*Task directions:* Before anything else, drop the pictures; then return exactly the lines from the top of the listing through the line with "རྩ་ཤེ་ལས། གལ་ཏེ་ཕུང་པོ་རྣམས་ལས་གཞན། །ཕུང་".
[Start of Attachment]
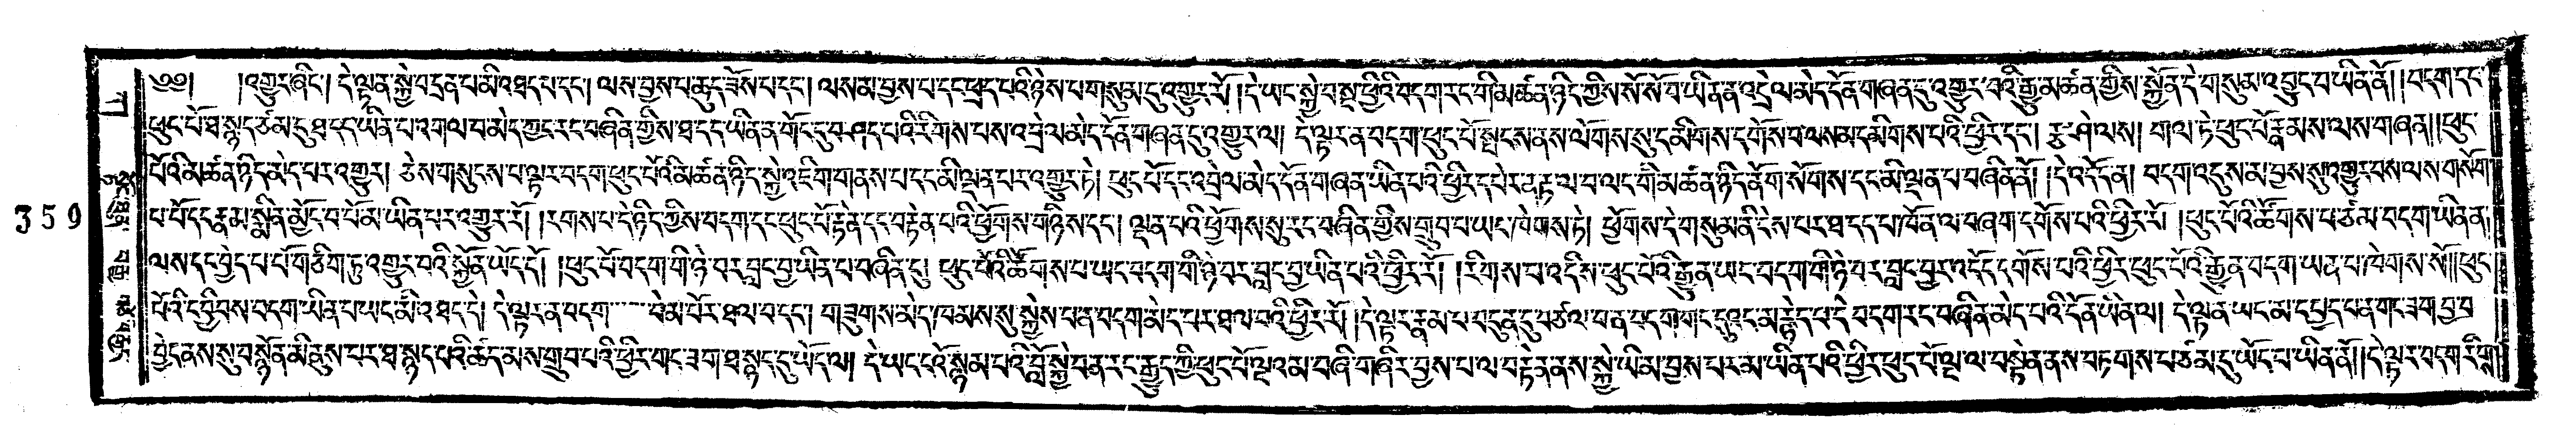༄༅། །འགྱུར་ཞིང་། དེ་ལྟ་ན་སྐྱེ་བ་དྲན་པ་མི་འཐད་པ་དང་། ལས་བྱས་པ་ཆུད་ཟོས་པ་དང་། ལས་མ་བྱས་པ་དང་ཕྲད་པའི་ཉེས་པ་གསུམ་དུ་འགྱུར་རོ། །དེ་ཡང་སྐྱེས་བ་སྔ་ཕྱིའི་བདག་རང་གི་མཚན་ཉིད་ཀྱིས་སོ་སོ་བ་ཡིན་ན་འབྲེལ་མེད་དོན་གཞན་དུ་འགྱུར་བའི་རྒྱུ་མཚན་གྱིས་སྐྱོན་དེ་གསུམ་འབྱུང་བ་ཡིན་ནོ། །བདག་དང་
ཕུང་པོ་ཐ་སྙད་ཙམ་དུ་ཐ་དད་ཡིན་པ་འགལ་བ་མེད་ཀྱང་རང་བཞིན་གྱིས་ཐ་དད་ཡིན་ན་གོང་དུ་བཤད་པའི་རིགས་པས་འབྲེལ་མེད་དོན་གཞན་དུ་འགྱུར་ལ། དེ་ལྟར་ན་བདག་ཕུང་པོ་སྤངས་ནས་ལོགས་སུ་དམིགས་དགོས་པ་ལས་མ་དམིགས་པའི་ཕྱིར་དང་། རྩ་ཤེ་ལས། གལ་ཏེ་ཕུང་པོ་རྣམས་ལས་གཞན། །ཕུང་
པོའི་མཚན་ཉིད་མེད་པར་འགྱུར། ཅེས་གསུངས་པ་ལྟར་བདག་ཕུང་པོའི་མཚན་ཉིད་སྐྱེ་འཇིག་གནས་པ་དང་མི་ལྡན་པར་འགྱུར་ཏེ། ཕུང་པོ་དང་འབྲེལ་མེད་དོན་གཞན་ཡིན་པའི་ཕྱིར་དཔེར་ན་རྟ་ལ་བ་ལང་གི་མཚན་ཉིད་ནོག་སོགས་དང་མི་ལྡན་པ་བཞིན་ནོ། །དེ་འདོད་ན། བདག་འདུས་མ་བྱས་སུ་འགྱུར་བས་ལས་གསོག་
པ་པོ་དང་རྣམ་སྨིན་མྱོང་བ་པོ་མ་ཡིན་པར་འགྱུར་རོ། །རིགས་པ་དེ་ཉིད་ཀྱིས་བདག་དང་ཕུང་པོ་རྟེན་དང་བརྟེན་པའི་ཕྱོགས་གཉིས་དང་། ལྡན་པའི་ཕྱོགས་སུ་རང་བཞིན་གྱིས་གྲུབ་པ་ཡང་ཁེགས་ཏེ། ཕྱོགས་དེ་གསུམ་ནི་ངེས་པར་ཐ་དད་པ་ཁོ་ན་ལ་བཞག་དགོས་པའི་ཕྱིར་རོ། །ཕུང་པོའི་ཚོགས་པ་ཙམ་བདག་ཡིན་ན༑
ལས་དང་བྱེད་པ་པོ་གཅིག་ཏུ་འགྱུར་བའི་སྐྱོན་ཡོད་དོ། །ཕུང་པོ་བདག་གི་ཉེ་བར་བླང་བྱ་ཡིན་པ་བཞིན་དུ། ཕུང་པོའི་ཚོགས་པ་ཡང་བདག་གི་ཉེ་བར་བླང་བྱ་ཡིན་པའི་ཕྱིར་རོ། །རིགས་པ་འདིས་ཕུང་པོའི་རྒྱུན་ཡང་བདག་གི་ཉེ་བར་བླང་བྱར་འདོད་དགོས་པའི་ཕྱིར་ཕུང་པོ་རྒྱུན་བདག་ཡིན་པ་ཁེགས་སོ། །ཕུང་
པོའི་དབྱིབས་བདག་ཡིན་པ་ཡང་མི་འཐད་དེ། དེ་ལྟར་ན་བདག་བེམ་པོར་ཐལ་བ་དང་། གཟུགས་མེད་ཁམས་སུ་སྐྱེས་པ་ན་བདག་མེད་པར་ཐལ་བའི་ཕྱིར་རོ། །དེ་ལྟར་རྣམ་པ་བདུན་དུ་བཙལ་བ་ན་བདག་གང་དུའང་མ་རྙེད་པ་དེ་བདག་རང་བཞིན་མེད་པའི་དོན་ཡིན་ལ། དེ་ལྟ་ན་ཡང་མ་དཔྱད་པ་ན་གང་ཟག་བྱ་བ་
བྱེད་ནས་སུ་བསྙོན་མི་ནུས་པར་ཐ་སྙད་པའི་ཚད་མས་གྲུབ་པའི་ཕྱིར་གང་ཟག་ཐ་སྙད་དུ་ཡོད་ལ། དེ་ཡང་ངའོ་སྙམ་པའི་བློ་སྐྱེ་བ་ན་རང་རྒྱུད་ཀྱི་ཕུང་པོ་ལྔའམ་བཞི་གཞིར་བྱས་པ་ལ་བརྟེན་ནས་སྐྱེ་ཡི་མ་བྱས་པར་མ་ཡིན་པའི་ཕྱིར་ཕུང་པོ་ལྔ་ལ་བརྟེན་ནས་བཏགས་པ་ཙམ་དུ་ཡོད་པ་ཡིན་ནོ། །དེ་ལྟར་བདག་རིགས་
[End of Attachment]
*Exercise solution:*
༄༅། །འགྱུར་ཞིང་། དེ་ལྟ་ན་སྐྱེ་བ་དྲན་པ་མི་འཐད་པ་དང་། ལས་བྱས་པ་ཆུད་ཟོས་པ་དང་། ལས་མ་བྱས་པ་དང་ཕྲད་པའི་ཉེས་པ་གསུམ་དུ་འགྱུར་རོ། །དེ་ཡང་སྐྱེས་བ་སྔ་ཕྱིའི་བདག་རང་གི་མཚན་ཉིད་ཀྱིས་སོ་སོ་བ་ཡིན་ན་འབྲེལ་མེད་དོན་གཞན་དུ་འགྱུར་བའི་རྒྱུ་མཚན་གྱིས་སྐྱོན་དེ་གསུམ་འབྱུང་བ་ཡིན་ནོ། །བདག་དང་
ཕུང་པོ་ཐ་སྙད་ཙམ་དུ་ཐ་དད་ཡིན་པ་འགལ་བ་མེད་ཀྱང་རང་བཞིན་གྱིས་ཐ་དད་ཡིན་ན་གོང་དུ་བཤད་པའི་རིགས་པས་འབྲེལ་མེད་དོན་གཞན་དུ་འགྱུར་ལ། དེ་ལྟར་ན་བདག་ཕུང་པོ་སྤངས་ནས་ལོགས་སུ་དམིགས་དགོས་པ་ལས་མ་དམིགས་པའི་ཕྱིར་དང་། རྩ་ཤེ་ལས། གལ་ཏེ་ཕུང་པོ་རྣམས་ལས་གཞན། །ཕུང་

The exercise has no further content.